As explained above, according to the present invention, when the working line and the protection line are normal, the redundant bits of the error correction code are transmitted via the protection line, and the receiving side uses this to perform the error correction operation. In addition to improving line quality, when a line abnormality occurs, switching to a protection line for transmission allows the protection line to be used for its original purpose.

Furthermore, according to the present invention, a clock with the same frequency as the received data can be used as an error correction clock, so compared to conventional systems, if the clock frequency is the same, the transmission capacity can be increased, and with the same transmission capacity. If so, the clock frequency used can be lowered.

Furthermore, in the system of the present invention, if there is sufficient transmission capacity on the protection line, more powerful error correction can be performed by using a variable number of check bits or by using longer check bits.

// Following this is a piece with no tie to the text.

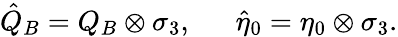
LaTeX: {\hat{Q}}_{B}=Q_{B}\otimes\sigma_{3},\, \, \, \, \, \, \, \, \, {\hat{\eta}}_{0}=\eta_{0}\otimes\sigma_{3}.

[Brief explanation of the drawing]

1 is a diagram showing the basic configuration of the present invention, FIG. 2 is a diagram showing the configuration of an embodiment of the present invention, FIG. 3 is a diagram showing the transmission code configuration in the embodiment of FIG. 2, FIG. 5 is a diagram illustrating a configuration example of a conventional wireless communication system, and FIG. 6 is a diagram illustrating a conventional transmission code configuration. BB SW---Baseband switch B/U---Bipolar/unipolar converter S/P---Series/parallel converter and 00---Modulator TX---Transmitter FECENC---Error correction encoder CB MUX' - One check bit multiplexing unit S Lee switch RX... Receiver DEM - Demodulator DLY ADJ - Delay adjuster DLY - Delay circuits FECDECl, FECDEC2 - Error correction decoding unit E
OR・-Exclusive OR circuit P/S--Single parallel/serial converter

Claims (1)

[Scope of Claims] A communication system in which one protection line is provided for a plurality of working lines, comprising: error correction encoding means (101) for converting signals of each working line into error correction codes; and each of the error correction codes. redundant bit multiplexing means (102) for multiplexing redundant bits in the redundant bit multiplexing means (102); first switching means (103) for switching the signal of the failed working line to the protection line; and the output of the redundant bit multiplexing means (102) and the a second switching means (104) for switching between the output of the first switching means (103) and outputting the output to the protection line; At least two systems of error correction decoding means (105) that perform error correction decoding on signals of each line, and the output of each error correction decoding means (105) is alternately switched for each frame and output to each working line. The receiving side is equipped with a first switching means (106) for switching the signal of the faulty working line transmitted via the protection line to the corresponding working line and outputting it. When all lines and protection lines are normal, each working line is encoded with error correction code, each redundant bit is transmitted via the protection line, and the receiving side performs error correction for each working line. An error correction method characterized in that the error correction operation is prohibited when any of the protection lines is abnormal.